Convert Nigerian bank PDF statements into structured CSV.
Project description
bankstract
Convert Nigerian bank PDF statements into structured CSV. Plugin architecture — one parser per bank.
pip install bankstract
bankstract palmpay statement.pdf -o out.csv
bankstract auto unknown.pdf -o out.csv
bankstract list
Status
| Bank | Status |
|---|---|
| PalmPay | v0.7 — alpha |
| First Bank | v0.7 — alpha |
| Zenith | v0.7 — alpha |
Install
pip install bankstract
Optional extras:
pip install "bankstract[ocr]" # pytesseract for scanned PDFs
pip install "bankstract[camelot]" # camelot lattice fallback
Develop
Project uses uv for dependency + venv management.
uv sync --all-extras # create .venv, install deps + extras from uv.lock
uv run pre-commit install # one-time: enable the pre-commit hook
uv run pytest # run tests
uv run ruff check src tests
uv run pyright src tests # strict type check (see CLAUDE.md directive 8)
uv run bankstract list # invoke CLI
Add a dependency with uv add <pkg> (dev: uv add --dev <pkg>). Commit uv.lock.

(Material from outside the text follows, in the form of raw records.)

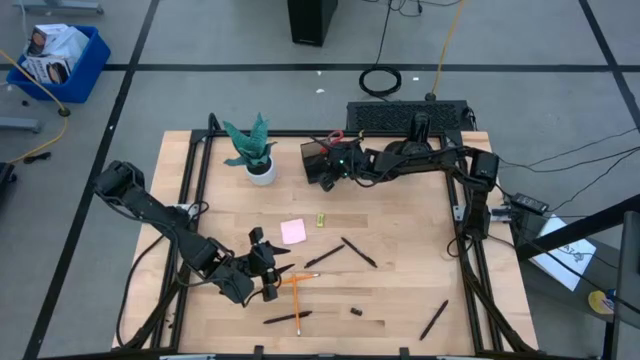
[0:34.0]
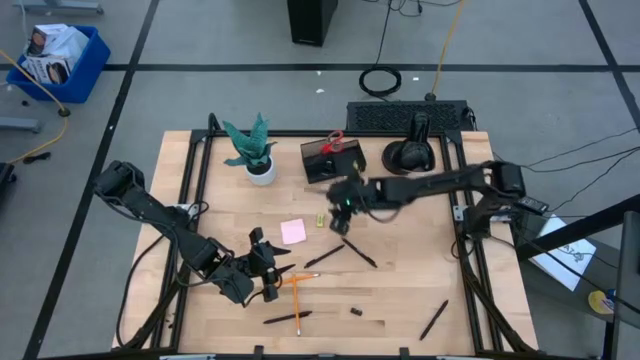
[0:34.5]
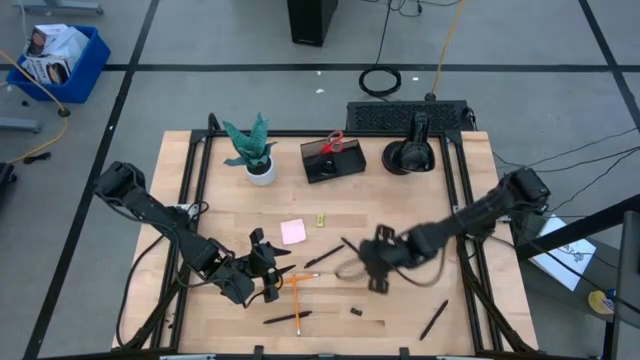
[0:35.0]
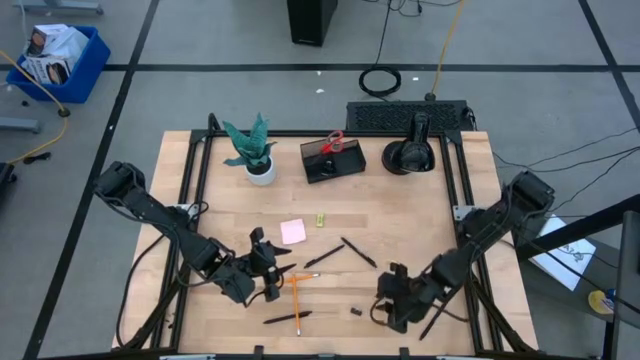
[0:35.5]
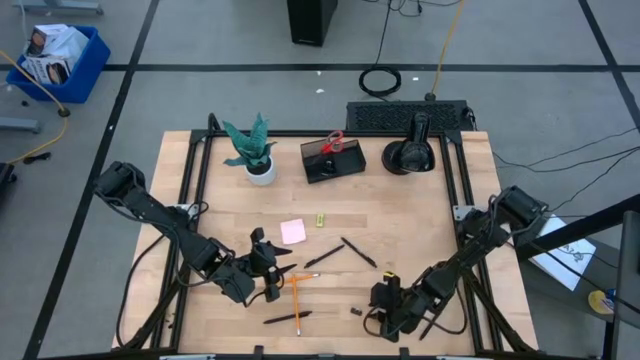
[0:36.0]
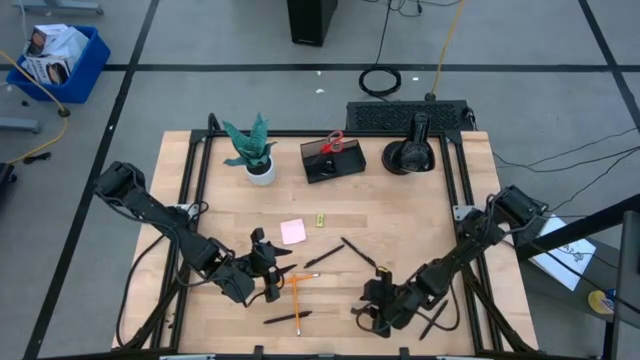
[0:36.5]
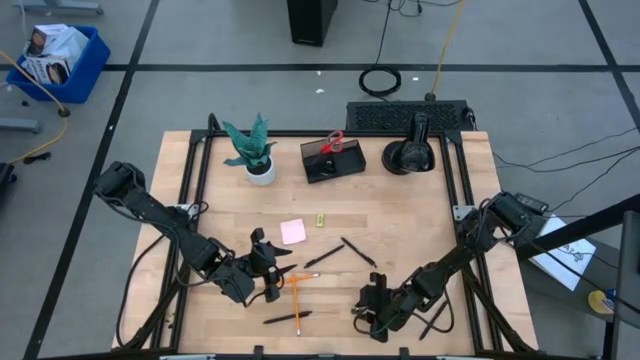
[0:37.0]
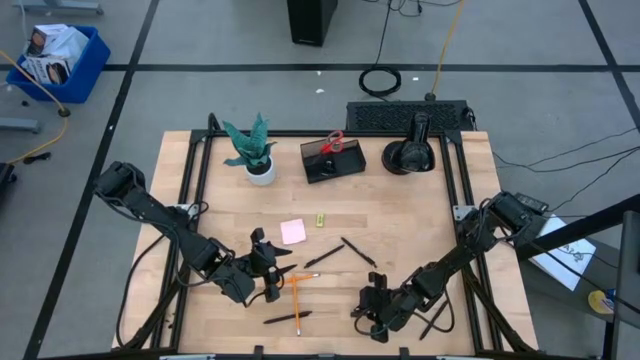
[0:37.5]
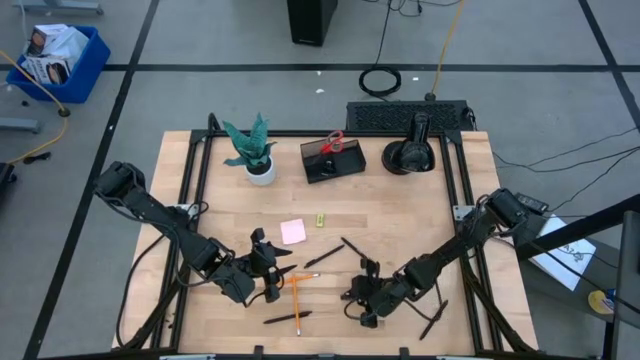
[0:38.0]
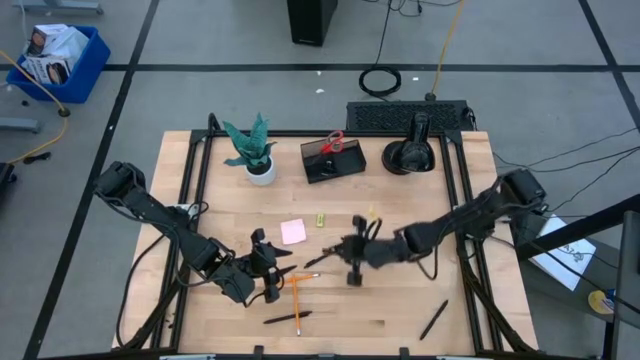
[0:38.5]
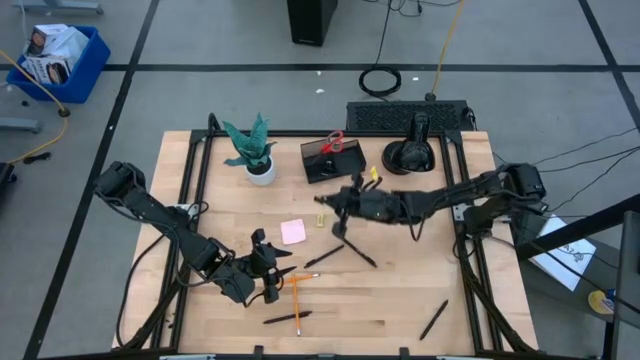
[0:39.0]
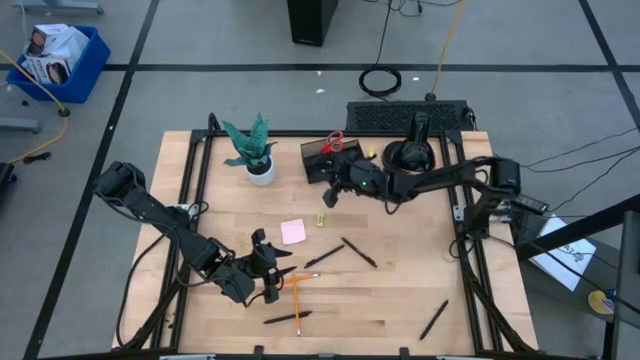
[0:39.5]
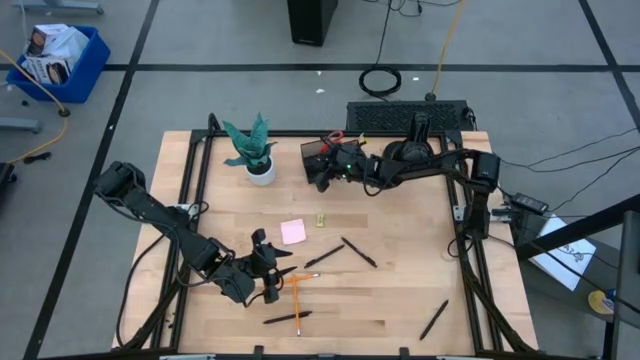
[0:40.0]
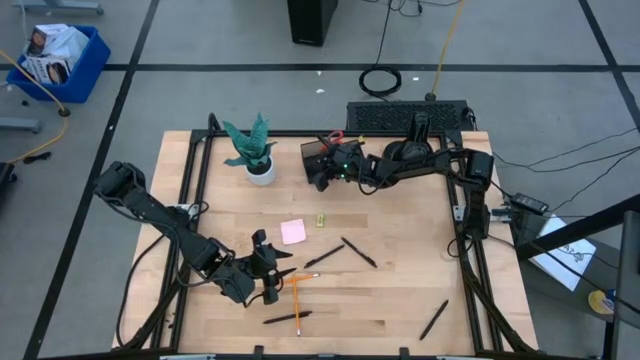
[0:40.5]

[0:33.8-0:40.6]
Task: Pick and place office supplies into organizer
Put the black binder clip into the black black mesh desk organizer

The pre-commit hook runs ruff check, ruff format --check, pyright (strict), and pytest before every commit. Bypass only in genuine emergencies with git commit --no-verify; the same checks run again in CI.
Releasing
CI publishes to PyPI automatically on push to main via .github/workflows/publish.yml. The workflow runs the full gate (ruff + pyright + pytest), and if the current pyproject.toml version already exists on PyPI it auto-bumps the minor component and commits the bump before publishing. PyPI auth uses OIDC trusted publishing — no token in repo or CI secrets.

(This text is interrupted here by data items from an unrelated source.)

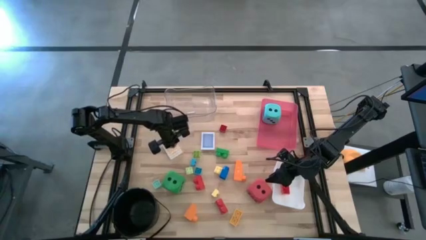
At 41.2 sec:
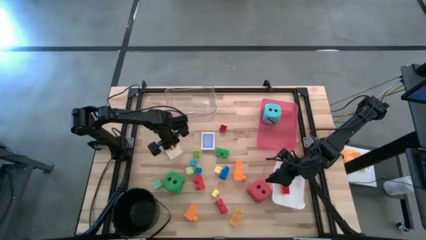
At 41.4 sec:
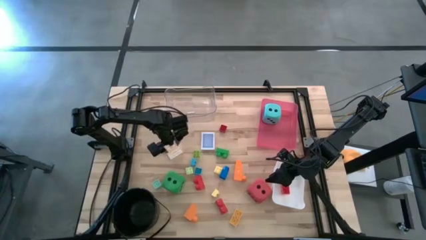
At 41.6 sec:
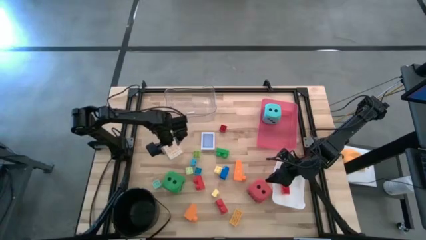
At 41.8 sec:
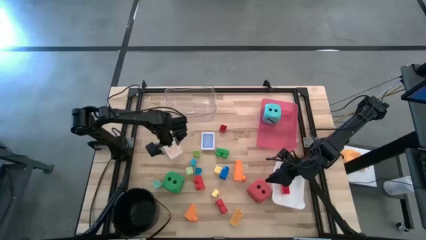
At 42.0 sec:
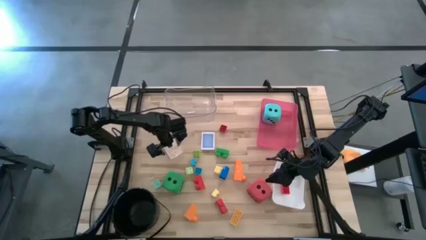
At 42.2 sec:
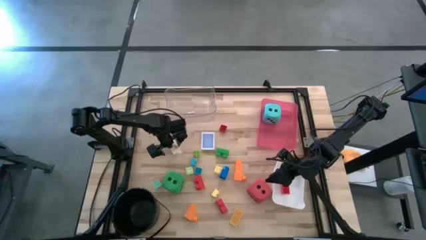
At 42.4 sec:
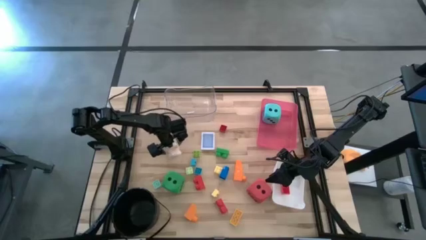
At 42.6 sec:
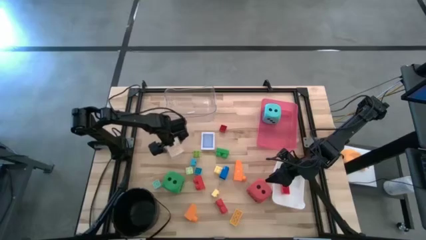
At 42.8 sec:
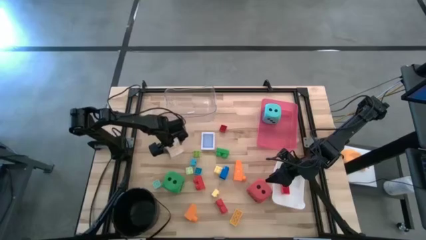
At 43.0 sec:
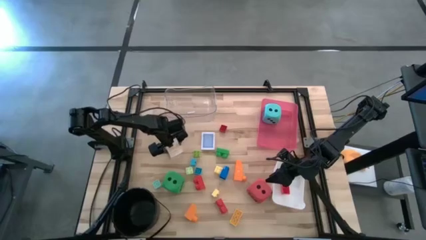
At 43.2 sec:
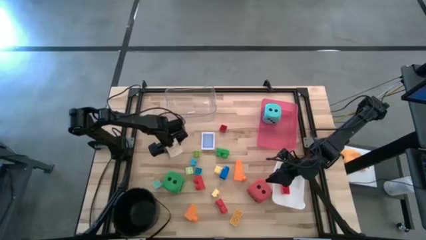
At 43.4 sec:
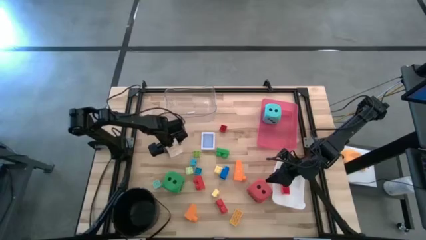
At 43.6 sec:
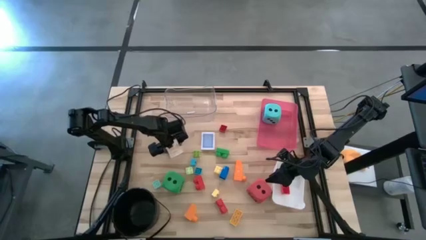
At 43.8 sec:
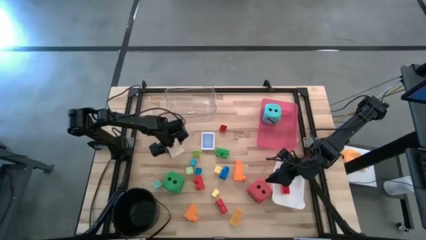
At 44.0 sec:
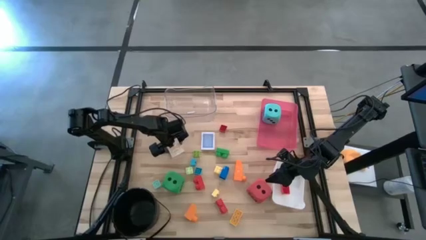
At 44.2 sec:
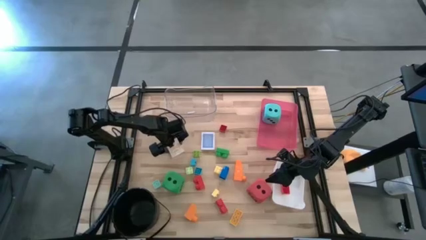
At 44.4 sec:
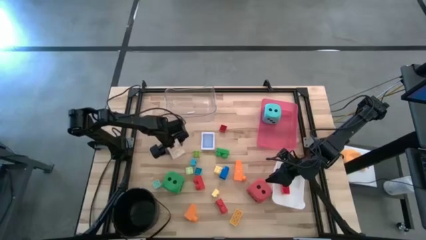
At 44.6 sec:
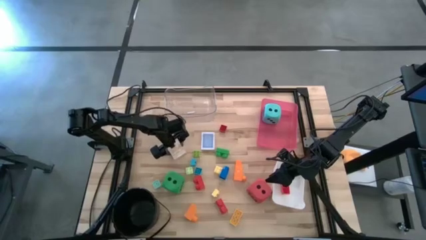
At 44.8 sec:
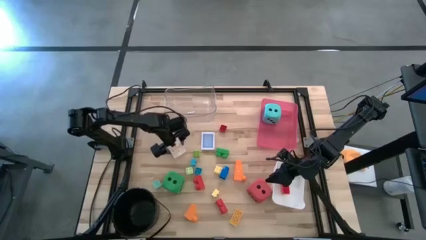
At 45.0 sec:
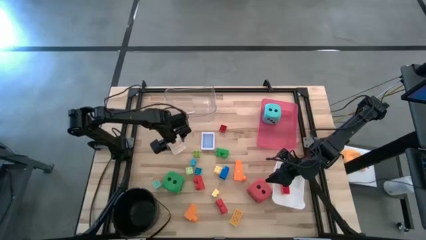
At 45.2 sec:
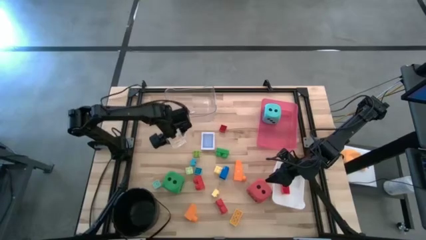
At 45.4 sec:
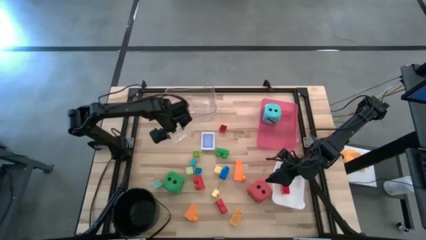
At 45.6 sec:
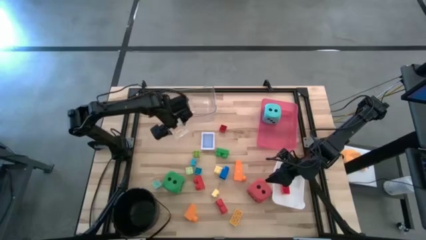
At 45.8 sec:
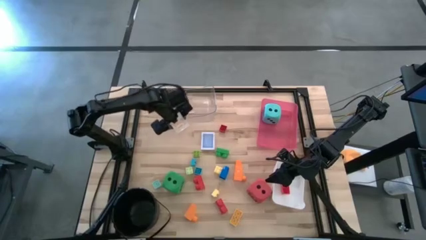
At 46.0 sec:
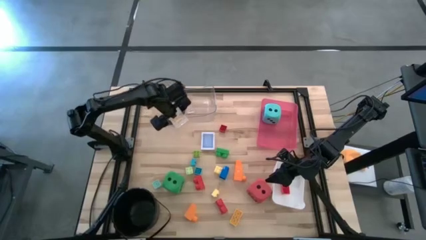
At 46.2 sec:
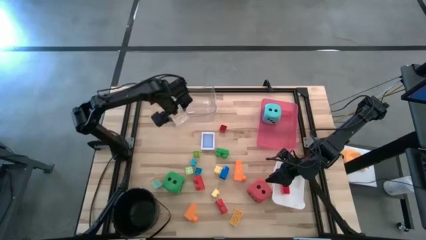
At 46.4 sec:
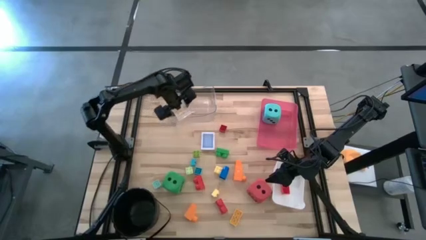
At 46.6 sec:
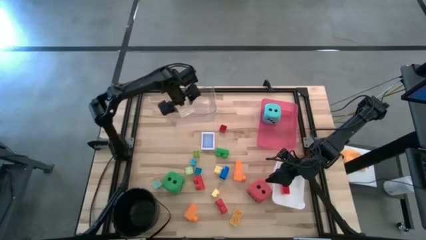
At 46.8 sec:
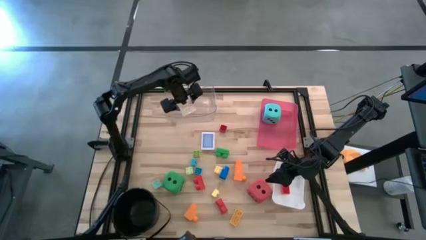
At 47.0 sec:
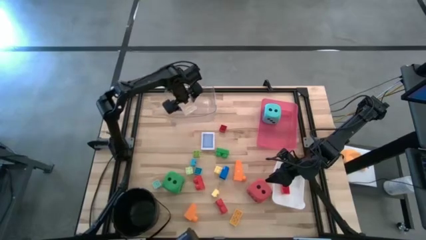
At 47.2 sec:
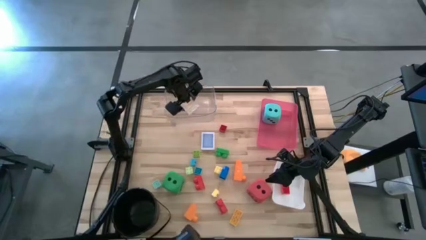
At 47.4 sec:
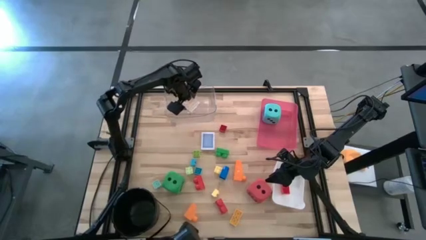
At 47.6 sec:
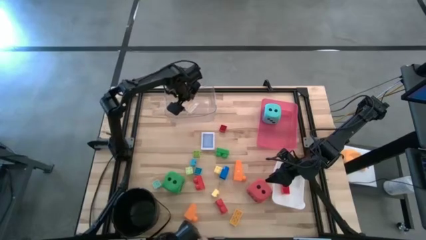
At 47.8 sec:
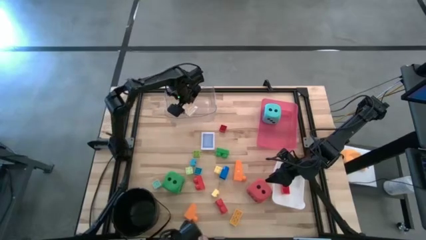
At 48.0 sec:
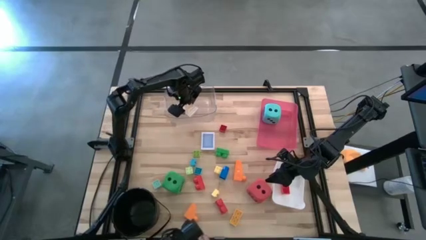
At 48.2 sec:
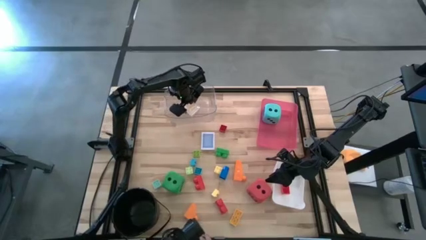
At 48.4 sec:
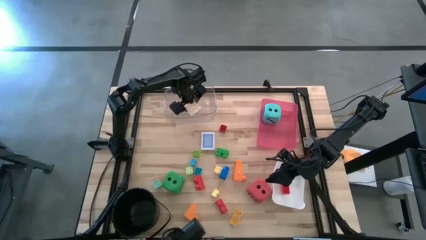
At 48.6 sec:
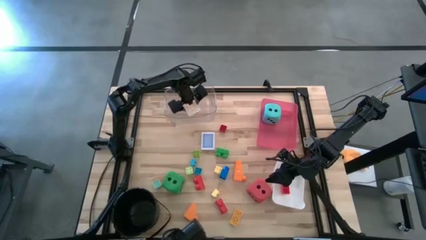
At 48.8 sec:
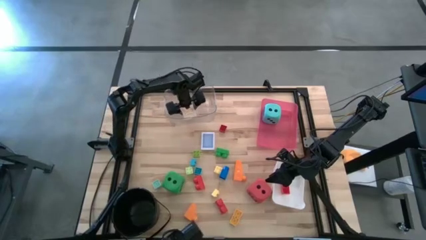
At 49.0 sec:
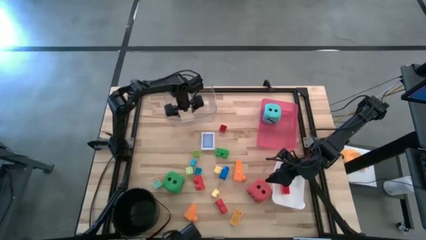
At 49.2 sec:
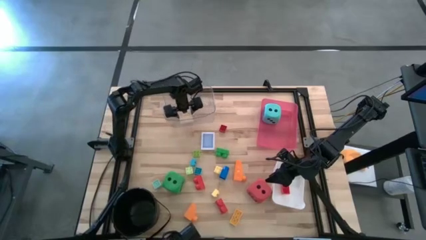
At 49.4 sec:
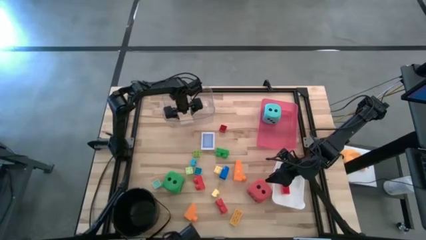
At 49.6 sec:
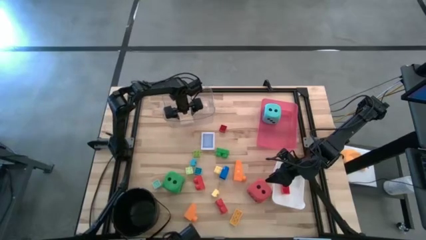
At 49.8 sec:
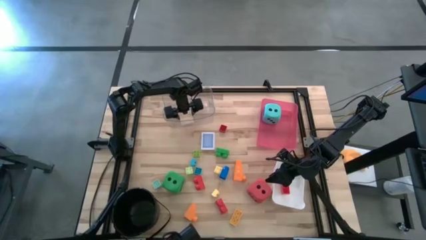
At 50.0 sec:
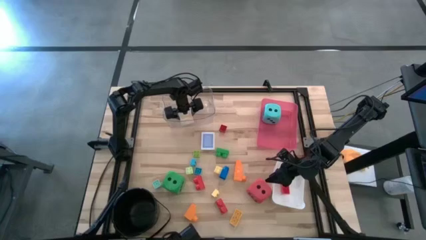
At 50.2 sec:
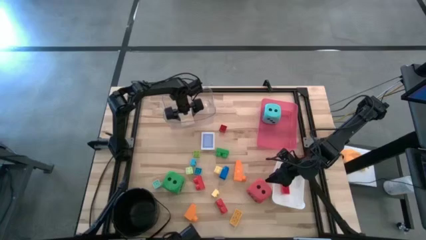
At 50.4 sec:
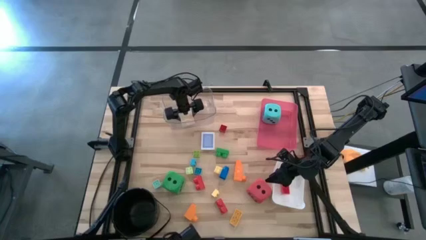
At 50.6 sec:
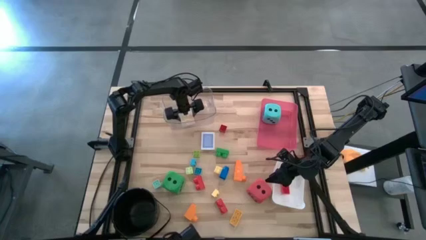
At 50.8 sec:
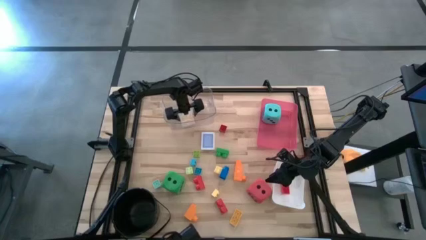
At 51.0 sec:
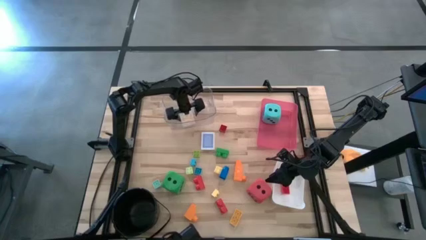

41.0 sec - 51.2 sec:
Task: Pick & Place Toys
Put the orange deck of cards box into the transparent bin

To prepare a release locally:
scripts/bump-version.sh # patch bump
scripts/bump-version.sh minor # 0.2.x -> 0.3.0
scripts/bump-version.sh major # 0.x.x -> 1.0.0
scripts/bump-version.sh 0.3.0 # exact set
uv build # dist/*.whl + dist/*.tar.gz
uv publish dist/* # only if not using the GH workflow; needs --token or UV_PUBLISH_TOKEN
Trusted-publisher setup (one-time, owner only): create a publisher at https://pypi.org/manage/account/publishing/ with workflow publish.yml, repo logickoder/bankstract.
Usage
bankstract <bank> <pdf> -o <out> # explicit parser
bankstract auto <pdf> -o <out> # auto-detect via Parser.detect_confidence()
bankstract list # show registered parsers
bankstract <bank> <pdf> -o out.json -f json # JSON instead of CSV
cat statement.pdf | bankstract auto - -o - # stdin / stdout pipeline
Pass - as the PDF arg to read from stdin, or - to -o to write to stdout. When stdout is the data sink, informational messages go to stderr so the data stream stays clean.
Unparseable blocks are written to a .log sidecar next to the output file.
Python API
import bankstract
bankstract.list_parsers() # ['fbn', 'palmpay', 'zenith']
bankstract.detect("statement.pdf") # 'palmpay' | None
result = bankstract.parse("statement.pdf") # auto-detect
result = bankstract.parse(fp, bank="fbn") # explicit; fp is BytesIO
result.metadata.account_holder
result.metadata.statement_period_start
result.transactions[0].balance
result.format_version
Public surface (semver-locked)
Only the names re-exported from bankstract are part of the semver contract:
| Name | Kind | Purpose |
|---|---|---|
parse |
function | parse(source, *, bank=None) -> ParseResult |
detect |
function | detect(source) -> str | None (max-score bank) |
list_parsers |
function | sorted bank names |
Parser |
ABC | base class for new parsers |
Transaction |
pydantic | row schema |
StatementMetadata |
dataclass | account holder / period / opening + closing balance |
ParseResult |
dataclass | transactions[], totals, format_version, metadata |
ParseError |
exception | layout mismatch |
ReconciliationError |
exception | invariant break |
__version__ |
str | package version |
source accepts pathlib.Path, a string path (treated as a path), or a seekable binary stream (e.g. io.BytesIO). Auto-detection picks the parser with the highest detect_confidence score — ties resolve to registration order. Anything imported from a submodule prefixed with _ (bankstract._api, bankstract._pdfplumber, bankstract._layout) is internal and may change in any release.
Reconciliation invariant
Two complementary checks; the CLI picks whichever applies per bank.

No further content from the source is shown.